Webster’s Third New International Dictionary defines “employee” as follows:
employee or employe . .■ . 1: one employed by another usu. in a position below the executive level and usu. for wages 2 in labor relations: any worker who is under wages or salary to an employer and who is not excluded by agreement from consideration as such a worker.
Congress, in the 1972 Amendments defined miner:
The term “miner” means any individual who is or was employed in a coal mine. 30 U.S.C. § 902(d) (Supp. II, 1972).
The Secretary further defined the term in the regulations:
“Miner” or “coal miner” means any individual who is working or has worked as an employee in a coal mine, performing functions in extracting the coal or preparing the coal so extracted.
20 C.F.R. § 410.110(j).
We believe the Secretary’s definition is consistent with the language of the Act.

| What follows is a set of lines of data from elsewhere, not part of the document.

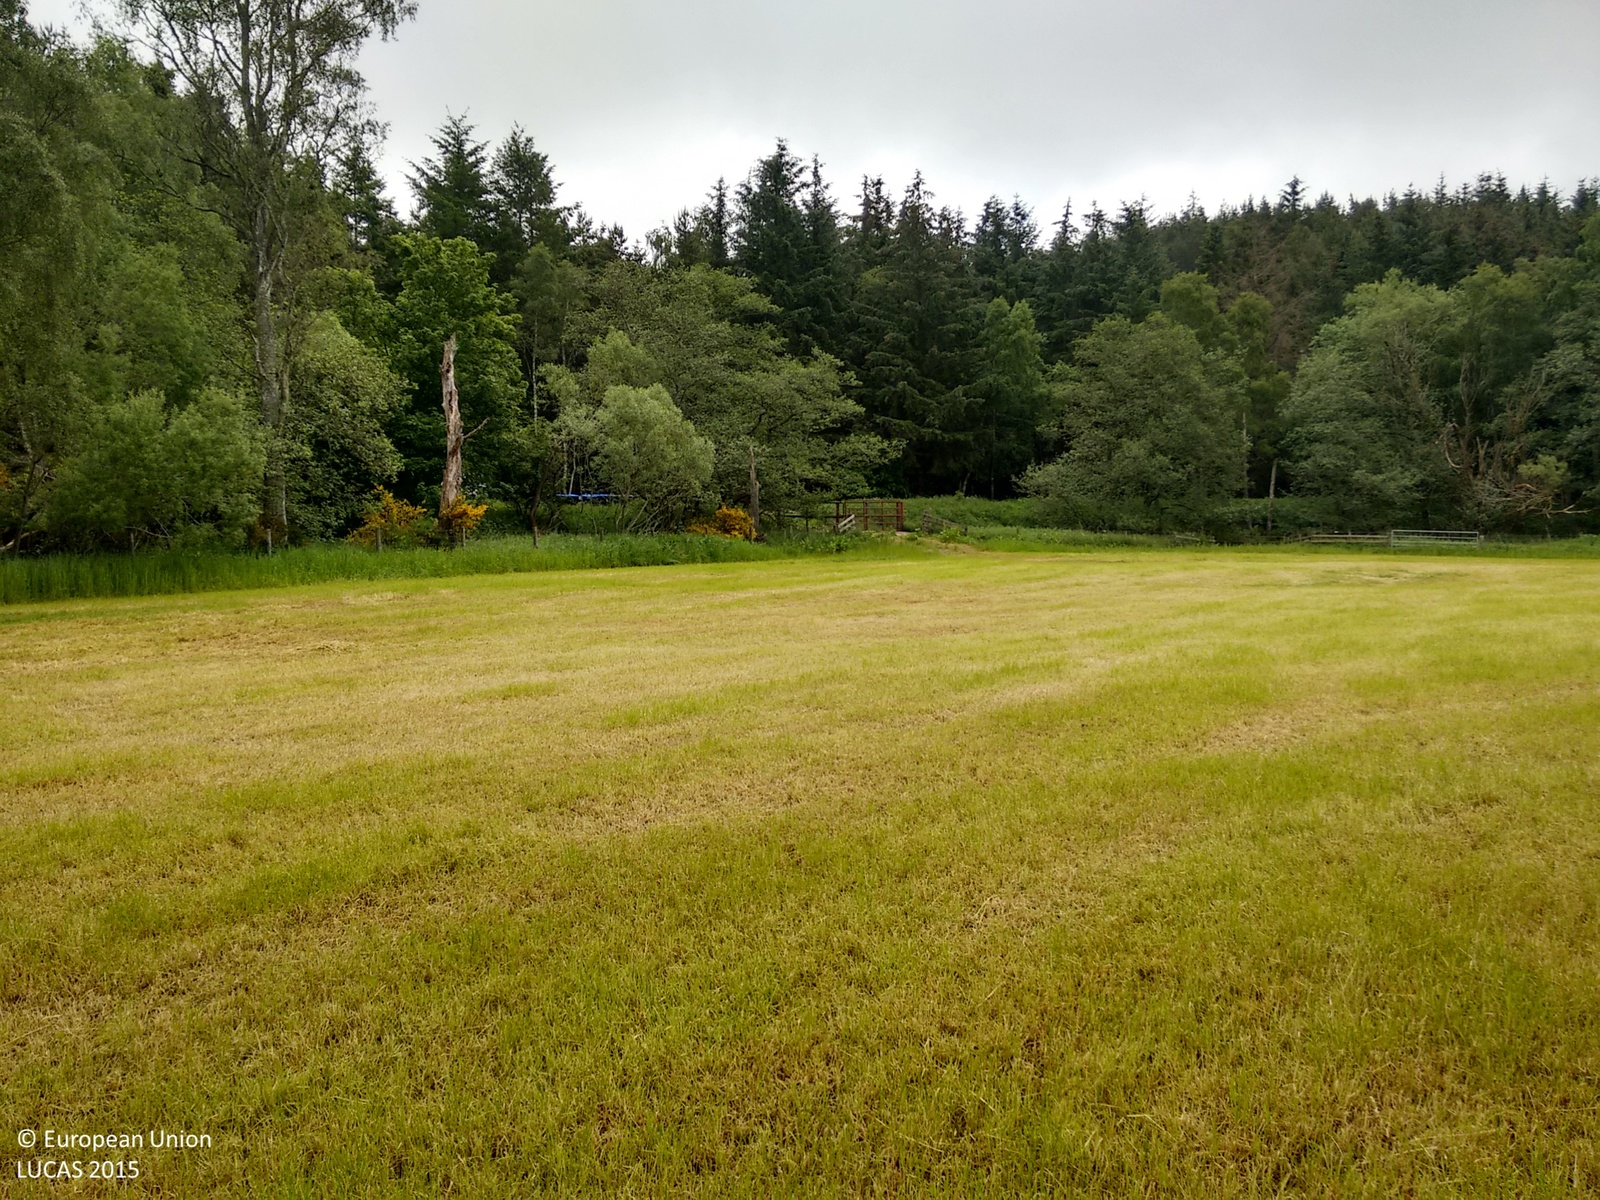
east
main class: Grassland
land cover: Grassland without tree/shrub cover
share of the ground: > 75 %
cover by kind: herbaceous plants 100 %
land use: Agriculture (excluding fallow land and kitchen gardens)
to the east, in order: Grassland without tree/shrub cover; Fences; Broadleaved woodland; Rivers and streams; Broadleaved woodland; Grass margins; Paved roads, cycling and walking lanes; Spruce dominated coniferous woodland; Tracks; Spruce dominated coniferous woodland; Pine dominated coniferous woodland; Spruce dominated mixed woodland
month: June
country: GB
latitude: 57.1173
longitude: -2.9267
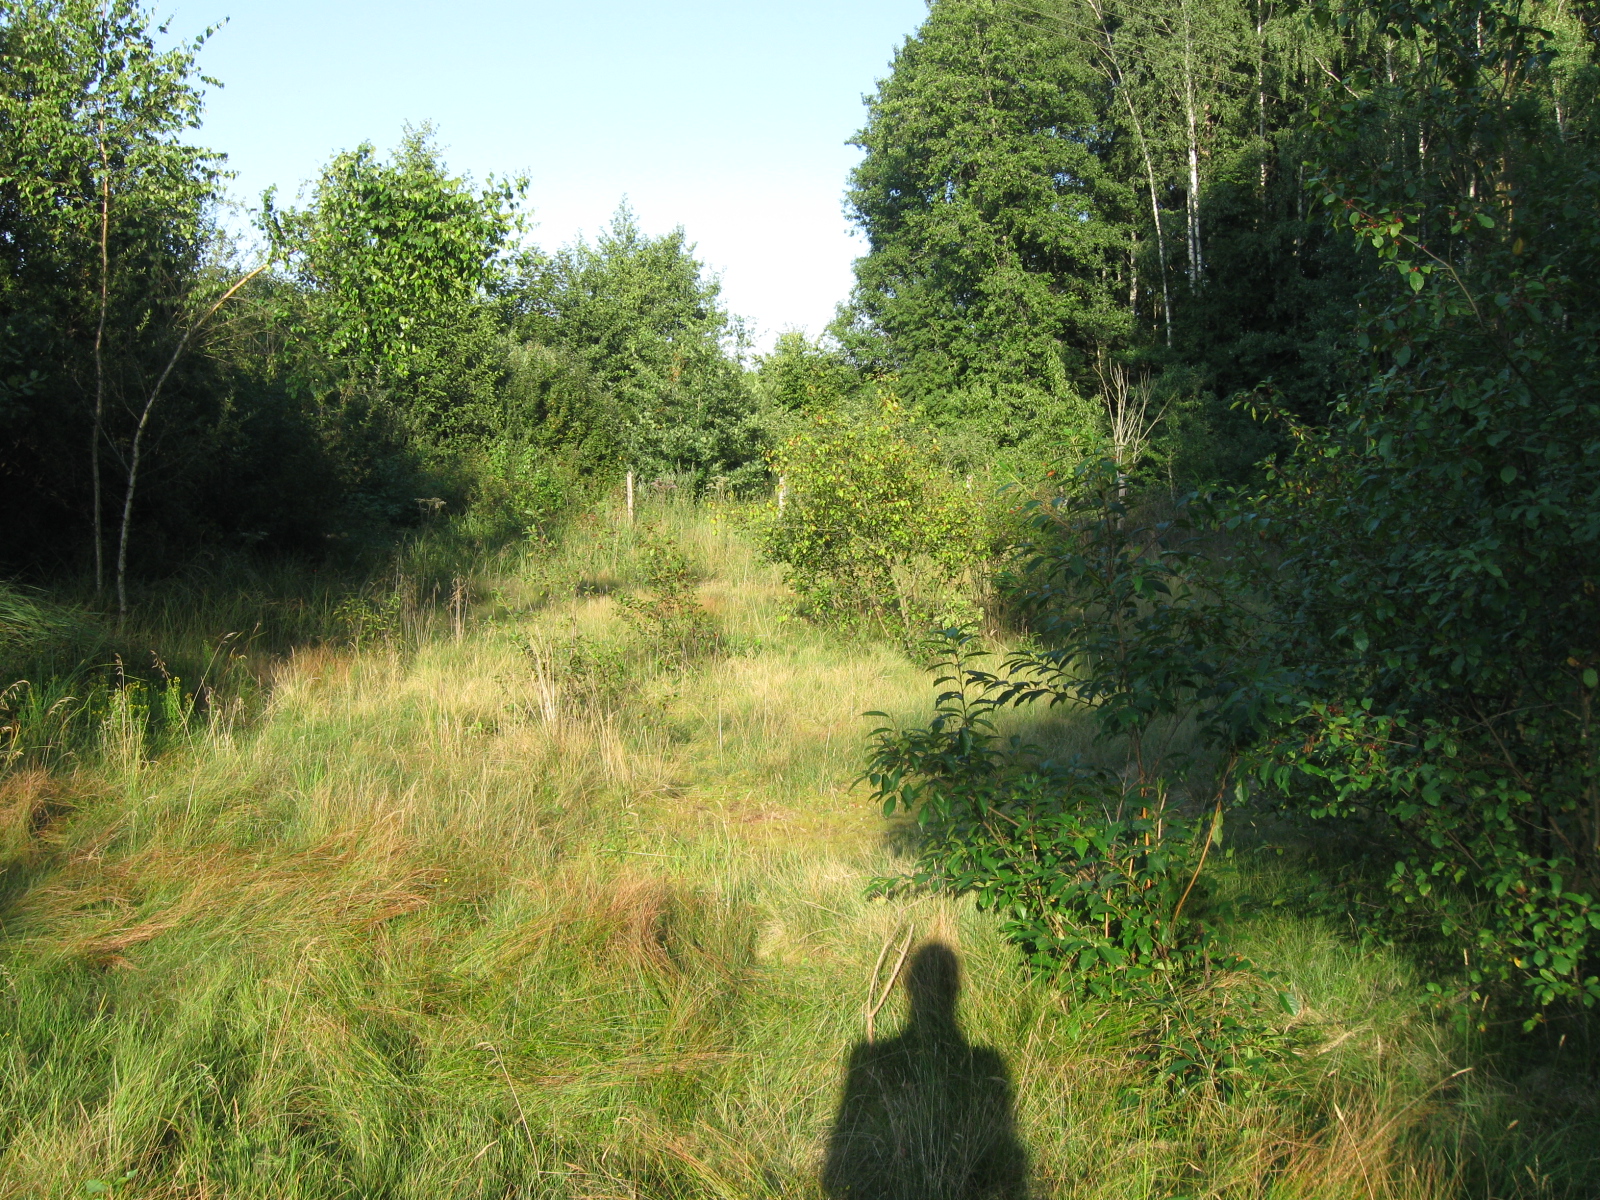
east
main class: Grassland
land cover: Grassland with sparse tree/shrub cover
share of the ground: > 75 %
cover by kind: herbaceous plants 75 %, lichens and mosses 15 %, broadleaved forest trees 5 %, shrubs 5 %
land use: Semi-natural and natural areas not in use
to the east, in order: Grassland with sparse tree/shrub cover; Electric lines; Fences; Apple fruit; Broadleaved woodland; Tracks; Spontaneously vegetated surfaces; Abandoned hedges; Ditches and canals; Abandoned hedges; Grassland without tree/shrub cover
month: August
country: LT
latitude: 54.8184
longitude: 23.4485
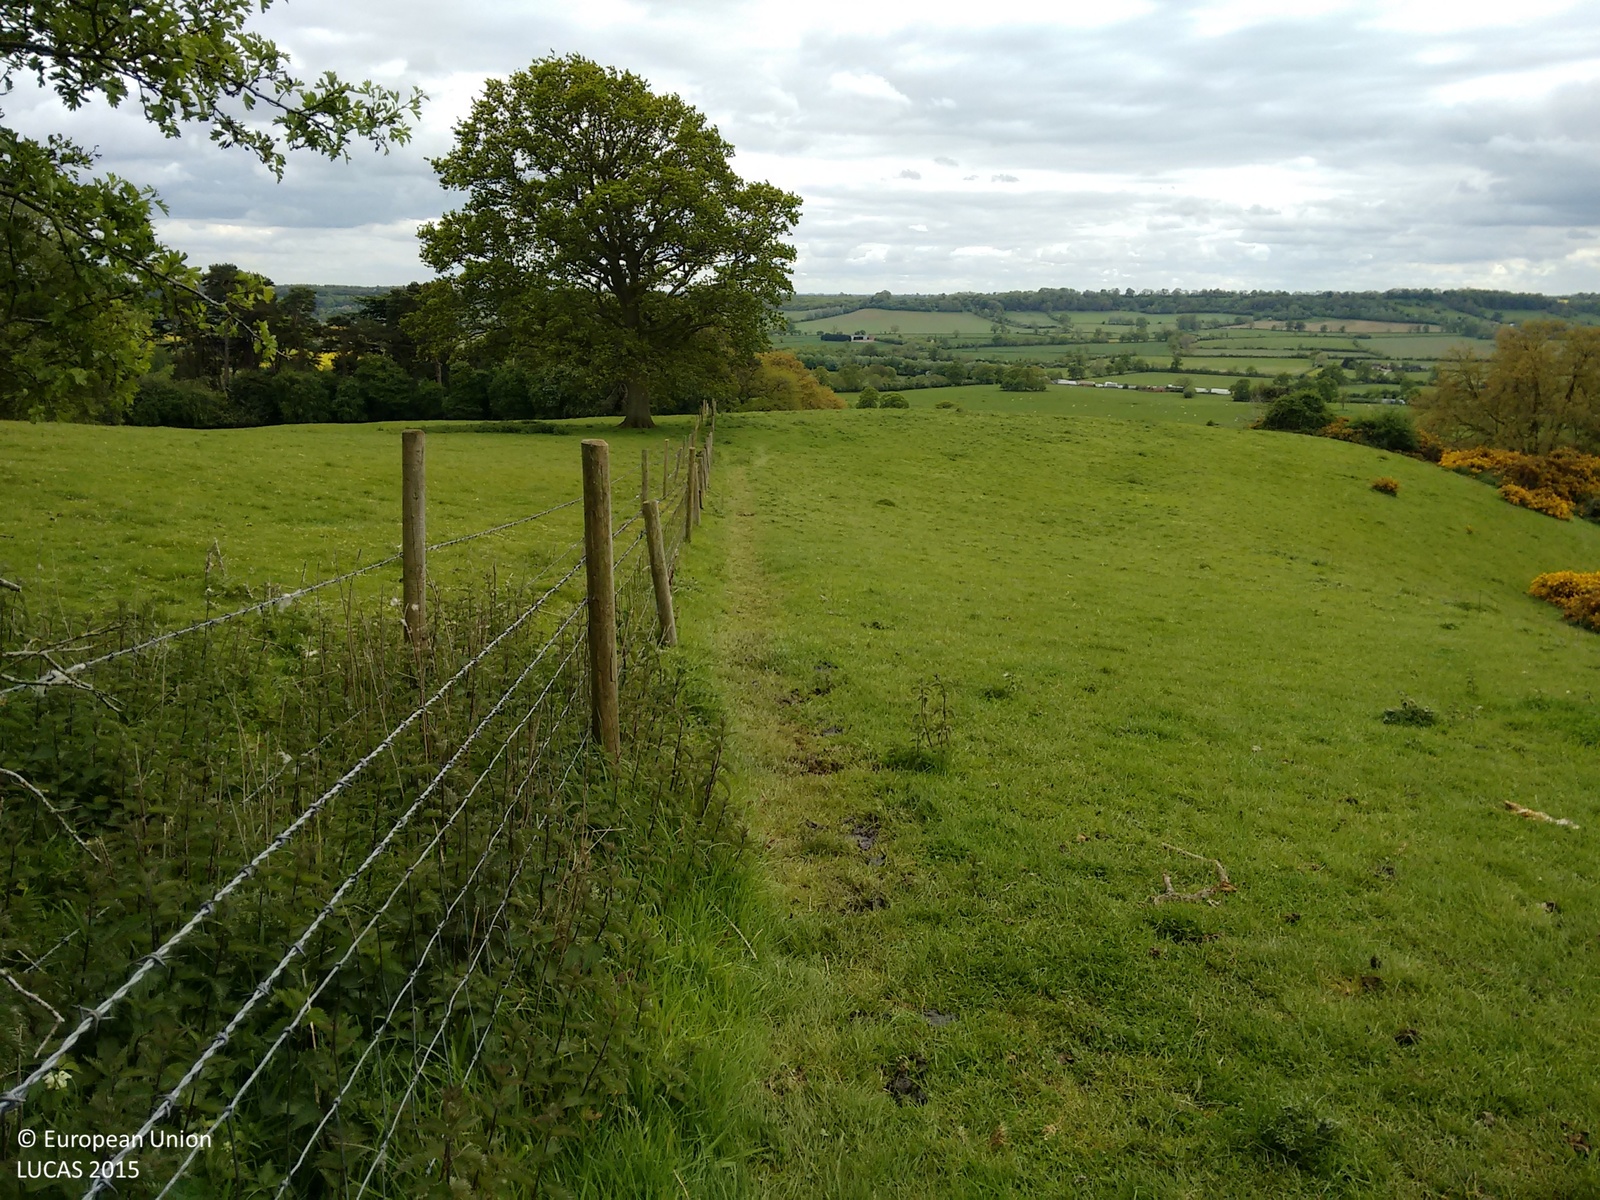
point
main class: Grassland
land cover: Grassland without tree/shrub cover
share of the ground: > 75 %
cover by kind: herbaceous plants 100 %
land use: Agriculture (excluding fallow land and kitchen gardens)
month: May
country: GB
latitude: 52.1526
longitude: -1.4061

There is, of course, no reason why an industrial hazard compensation act like the present one could not make benefits available to self-employed persons or working partner-owners. There are many examples of such provisions in State Workmen’s Compensation Acts. Indeed, if Mr. Thompson’s Amendment just quoted above had been adopted, it could be argued that its language redefining the term “miner” shifted the emphasis from the employment relationship to a relationship to the industrial hazard. Unfortunately, for Appellant’s case, the Amendment was defeated.
Appellant’s argument that depends upon the presumption of total disability established by 20 C.F.R. § 410.490(b)(3) which requires 10 years of employment as a coal miner is defeated by what has already been
We agree with the District Judge that the record contains substantial evidence to support the Secretary’s conclusion that Appellant was not totally disabled by pneumoconiosis due to coal mining.
The judgment of the District Court is affirmed.
Dissenting Opinion
(dissenting).
I respectfully dissent. It is clear from the definitions provided in 20 C.F.R. § 410.-110 that in order to be a “miner” for the purposes of the Federal Coal Mine Health and Safety Act, an individual must be working “as an employee in a coal mine,” and that an “employee” is an “individual in a legal relationship (between the person for whom he performs services and himself) of employer and employee under the usual common-law rules.”
In order to be an employee, therefore, a person must be employed by a legal entity other than himself. Even if he possessed an interest in the entity for which he worked, he would be in the necessary legal relationship with the entity. Accordingly, I do not agree with the Secretary’s adoption of the administrative law judge’s conclusion that the legal status of the Montel Coal Company — whether it be partnership, joint venture, or corporation — is irrelevant to this case. If the Montel Coal Company were a separate legal entity, then the years during which appellant was employed by it should have been counted as years during which he was employed as a miner for the purpose of the presumption about the origin of disability due to pneumoconiosis.
Because of his improper view of the law, the administrative law judge made no findings regarding the exact status of the Mon-tel Coal Company or the appellant’s precise relationship to it. I would remand for the purpose of permitting a resolution of these questions.